Помимо собственных персонажей Лобату в его книгах живут герои и других известных сказок со всего света; тексты писателя полны скрытых цитат и аллюзий.

— Тогда Колумб, — продолжал кот Феликс, — решил сойти на берег и узнать, что это за земля, так как сомневался. Он спустил шлюпку и поплыл к берегу. Спрыгнул на берег и позвал индейцев. <…>

<…> Колумб шагнул к индейцу, чтобы пожать ему руку. Индеец повернулся к своим товарищам, которые держались подальше, и крикнул:

«Вот нас и открыли, ребята! Это и есть тот самый Христофор Колумб, который будет хозяйничать на нашей земле. Старые времена кончились. Теперь начнётся новая жизнь».

В этом месте рассказа граф высунул голову из банки и сказал:

— Не верьте! Открытие Америки происходило совсем не так! Я утверждаю, что кот Феликс всё выдумывает… (пер. с португ. И.Тыняновой)

На книгах Монтейру Лобату выросло не одно поколение бразильских писателей. К примеру, А́на Мари́я Маша́ду никогда не скрывала, что в детстве зачитывалась его книгами, и это во многом определило всю её дальнейшую жизнь. Как и всякая яркая личность, Машаду попробовала себя в самых разных профессиях и видах творчества — была журналистом, телеведущей, художницей, переводчицей, преподавателем, всего не перечесть. В детскую литературу она вошла благодаря журналу «Переменка» («Recreio»), который пользовался бешеным успехом у бразильских детей в 1960-е годы.
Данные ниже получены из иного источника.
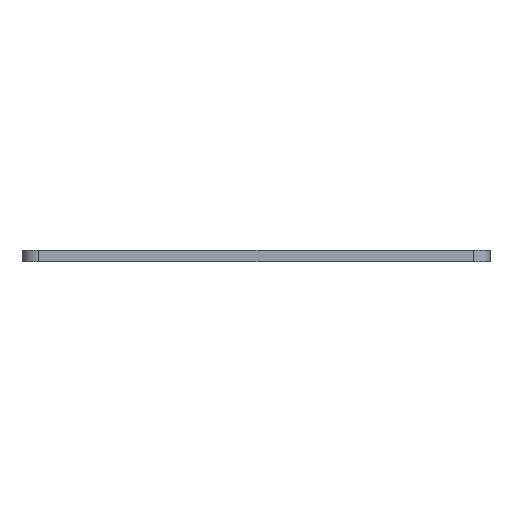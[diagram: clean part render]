
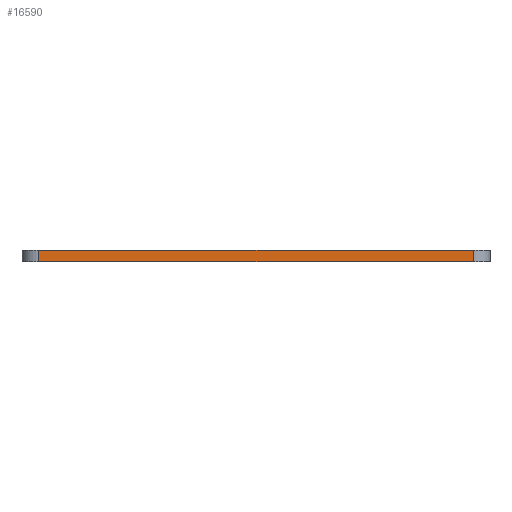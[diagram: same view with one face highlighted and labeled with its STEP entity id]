
A CAD part, left-side view. The second image highlights one B-rep face of the part: STEP entity #16590.
In plain terms, the highlighted planar face has unit normal (-1, 0, 0).
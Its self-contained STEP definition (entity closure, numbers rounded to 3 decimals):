
#1910 = ORIENTED_EDGE ( 'NONE', *, *, #7039, .F. ) ;
#3444 = EDGE_CURVE ( 'NONE', #8734, #11715, #12570, .T. ) ;
#3878 = VECTOR ( 'NONE', #16039, 1000. ) ;
#3930 = EDGE_CURVE ( 'NONE', #11715, #23400, #12520, .T. ) ;
#3998 = EDGE_CURVE ( 'NONE', #7127, #8734, #16950, .T. ) ;
#6930 = VECTOR ( 'NONE', #18915, 1000. ) ;
#7039 = EDGE_CURVE ( 'NONE', #7127, #23400, #9060, .T. ) ;
#7127 = VERTEX_POINT ( 'NONE', #7921 ) ;
#7444 = CARTESIAN_POINT ( 'NONE',  ( -286.205, 291.041, 647.809 ) ) ;
#7921 = CARTESIAN_POINT ( 'NONE',  ( -286.205, 291.041, 10. ) ) ;
#8439 = DIRECTION ( 'NONE',  ( 1., 0., 0. ) ) ;
#8734 = VERTEX_POINT ( 'NONE', #10284 ) ;
#9060 = LINE ( 'NONE', #9522, #6930 ) ;
#9225 = VECTOR ( 'NONE', #22494, 1000. ) ;
#9522 = CARTESIAN_POINT ( 'NONE',  ( -286.205, 0., 10. ) ) ;
#10048 = CARTESIAN_POINT ( 'NONE',  ( -286.205, 0., 647.809 ) ) ;
#10284 = CARTESIAN_POINT ( 'NONE',  ( -286.205, 291.041, 0. ) ) ;
#11715 = VERTEX_POINT ( 'NONE', #15535 ) ;
#12520 = LINE ( 'NONE', #22862, #23806 ) ;
#12570 = LINE ( 'NONE', #23679, #3878 ) ;
#13377 = ORIENTED_EDGE ( 'NONE', *, *, #3998, .T. ) ;
#13861 = FACE_OUTER_BOUND ( 'NONE', #21539, .T. ) ;
#15184 = AXIS2_PLACEMENT_3D ( 'NONE', #10048, #8439, #21405 ) ;
#15535 = CARTESIAN_POINT ( 'NONE',  ( -286.205, -98.959, 0. ) ) ;
#16004 = ORIENTED_EDGE ( 'NONE', *, *, #3930, .T. ) ;
#16039 = DIRECTION ( 'NONE',  ( 0., -1., 0. ) ) ;
#16590 = ADVANCED_FACE ( 'NONE', ( #13861 ), #23129, .F. ) ;
#16950 = LINE ( 'NONE', #7444, #9225 ) ;
#17657 = ORIENTED_EDGE ( 'NONE', *, *, #3444, .T. ) ;
#18900 = CARTESIAN_POINT ( 'NONE',  ( -286.205, -98.959, 10. ) ) ;
#18915 = DIRECTION ( 'NONE',  ( 0., -1., 0. ) ) ;
#20789 = DIRECTION ( 'NONE',  ( 0., 0., 1. ) ) ;
#21405 = DIRECTION ( 'NONE',  ( 0., 1., 0. ) ) ;
#21539 = EDGE_LOOP ( 'NONE', ( #1910, #13377, #17657, #16004 ) ) ;
#22494 = DIRECTION ( 'NONE',  ( 0., 0., -1. ) ) ;
#22862 = CARTESIAN_POINT ( 'NONE',  ( -286.205, -98.959, 647.809 ) ) ;
#23129 = PLANE ( 'NONE',  #15184 ) ;
#23400 = VERTEX_POINT ( 'NONE', #18900 ) ;
#23679 = CARTESIAN_POINT ( 'NONE',  ( -286.205, 0., 0. ) ) ;
#23806 = VECTOR ( 'NONE', #20789, 1000. ) ;

Книга Машаду «Разыскивается волк» («Procura-se lobo») — блестящий пример интертекста и словесной игры. Здесь мы встречаемся с волком Акелой из «Книги Джунглей» и Капитолийской волчицей, с волком из сказки про семерых козлят и Волком из «Красной Шапочки», с волками из басен Эзопа и Лафонтена и многими другими волками — персонажами сказок разных времён и народов. По сюжету все они пишут письма работодателю в ответ на объявление о работе. Есть, например, такое:

Обложка браз. изд. книги А.М.Машаду «História meio ao contrário»Меня очень заинтересовало ваше предложение о работе, потому что здесь кругом снег, и я уже давно подумываю о том, чтобы перебраться отсюда и найти место с более приемлемым климатом. Я знаю, что в вашей стране очень жарко. Там много солнца и не так много охотников. А здесь даже дети преследуют меня. Есть тут один мальчик по имени Петя, он настоящий вредитель. Стоит только его деду задремать, он бежит за мной и стреляет из игрушечного пистолета. Он меня так замучил… У него даже есть друзья — профессиональные охотники. Здесь у меня нет шансов. Не могли вы, пожалуйста, найти мне скромное местечко в какой-нибудь школе самбы? Я обожаю музыку и очень способный, могу играть на любом инструменте…

В другой книге, «Сказка немножко наоборот» («História meio ao contrário»), Машаду экспериментирует с самим жанром сказки. Действительно, почему бы не начать с известной концовки «…и жили они долго и счастливо» и не кончить популярным зачином «жили-были…»? Бесконечные отступления, живой язык, вовлечение читателя в свою игру — всё это традиции Лобату.

…И тогда они поженились и жили долго и счастливо… Есть много историй, которые имеют такую концовку. Но для нашей это будет началом. То есть, если нужно откуда-то начинать, то было бы здорово начать именно с этого. И тогда это будет история дочери этих двух счастливцев, которые поженились и жили долго и счастливо. Ведь история детей и правда начинается с их родителей. Или с бабушек и дедушек, прабабушек и прадедушек, прапрапрапрапрапрародителей, если только кто-нибудь это сможет выговорить и вспомнить всех этих людей.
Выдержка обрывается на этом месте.